Basically I just emailed them last summer after I took this photo,  thanking them for making such great products. They ended up forwarding the photo throughout the entire company, I guess as a morale booster or something, then asked if they could use it in an ad. Pretty sweet!


----------



## sm4him (Mar 30, 2015)

Now, THAT is extremely awesome!! Congratulations!


----------



## otherprof (Mar 30, 2015)

jsecordphoto said:


> View attachment 97956
> 
> Featured in this month's issue of Outdoor Photographer. My first time being printed in a magazine, pretty psyched!


Bravo!


----------



## astroNikon (Mar 30, 2015)

That is totally awesome !!   Congrats.
Should drive some traffic to your site now ... hope you have it updated lol


----------



## MikeFlorendo (Mar 30, 2015)

jsecordphoto said:


> tirediron said:
> 
> 
> > Very cool!  Care to share the 'how'?
> ...



Yup sometimes just sending a photo gets you in!  I sent a few photos to Orange Coast Magazine and they are featuring me in the May issue.


----------



## pixmedic (Mar 30, 2015)

BOOM!
Gratz man!


----------



## 480sparky (Mar 30, 2015)

Hopefully you managed to enrich the Royal Treasury.


----------



## jsecordphoto (Mar 30, 2015)

480sparky said:


> Hopefully you managed to enrich the Royal Treasury.

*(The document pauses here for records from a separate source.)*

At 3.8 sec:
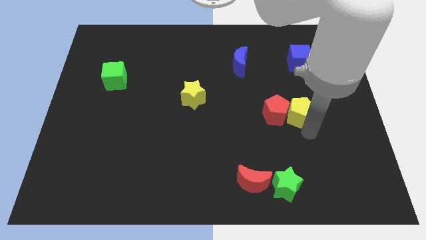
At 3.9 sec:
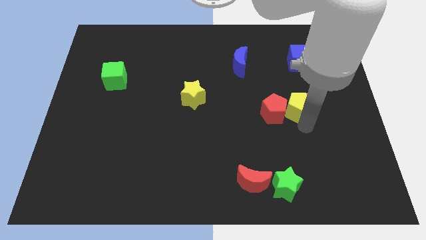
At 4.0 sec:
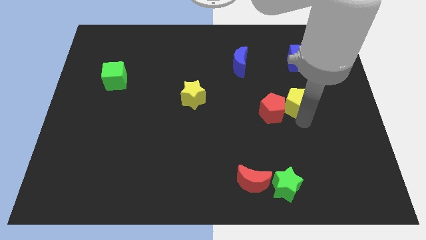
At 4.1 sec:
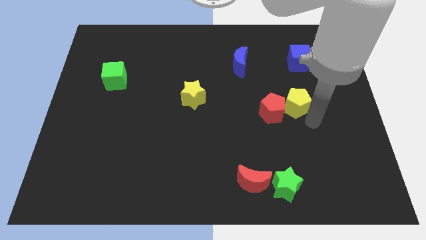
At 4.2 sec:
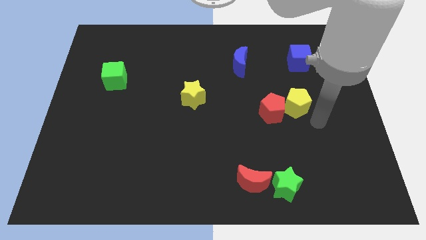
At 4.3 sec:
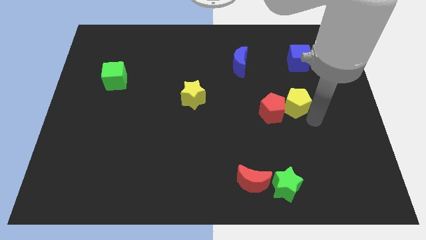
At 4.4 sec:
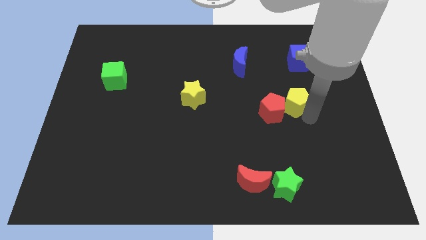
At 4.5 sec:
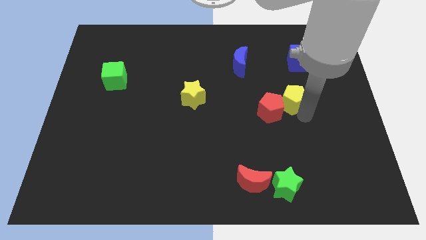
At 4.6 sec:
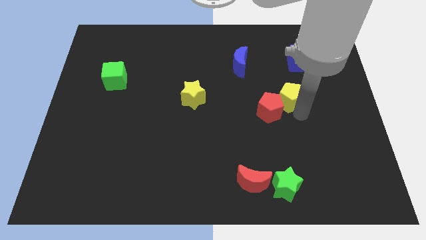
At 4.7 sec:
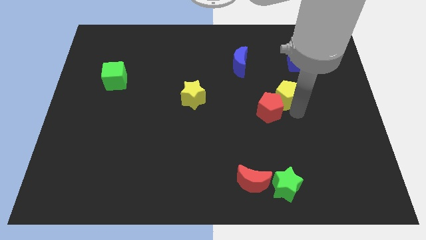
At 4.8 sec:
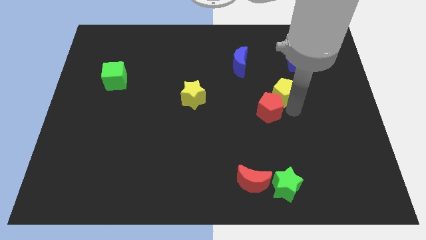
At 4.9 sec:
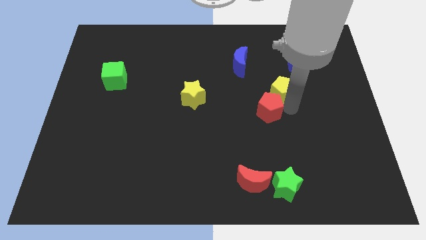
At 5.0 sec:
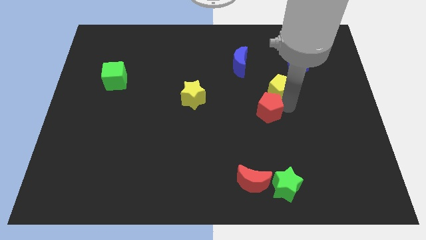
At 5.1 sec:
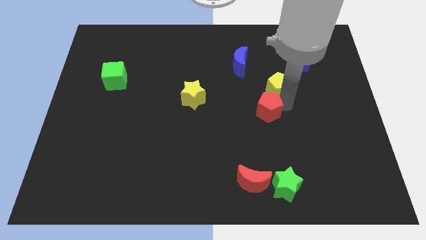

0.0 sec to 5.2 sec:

They definitely took care of me


----------



## tirediron (Mar 30, 2015)

jsecordphoto said:


> tirediron said:
> 
> 
> > Very cool!  Care to share the 'how'?
> ...


Outstanding!


----------



## DrumsOfGrohl (Mar 30, 2015)

Thats sweet! Good work. Shows a bit of the power of a Thank You


----------



## Vtec44 (Mar 30, 2015)

Wow that's awesome!!  Congrats!!


----------



## NancyMoranG (Mar 30, 2015)

What took them so long to notice you
Wow, congrats.


----------



## jsecordphoto (Mar 30, 2015)

astroNikon said:


> That is totally awesome !!   Congrats.
> Should drive some traffic to your site now ... hope you have it updated lol



err...I should probably get on that now. I'm teaming up with another photographer who already has workshops established, and all the not so fun stuff like insurance and permits, to co-host some astrophotography workshops this summer. I need to update my site with that stuff



MikeFlorendo said:


> Yup sometimes just sending a photo gets you in!  I sent a few photos to Orange Coast Magazine and they are featuring me in the May issue.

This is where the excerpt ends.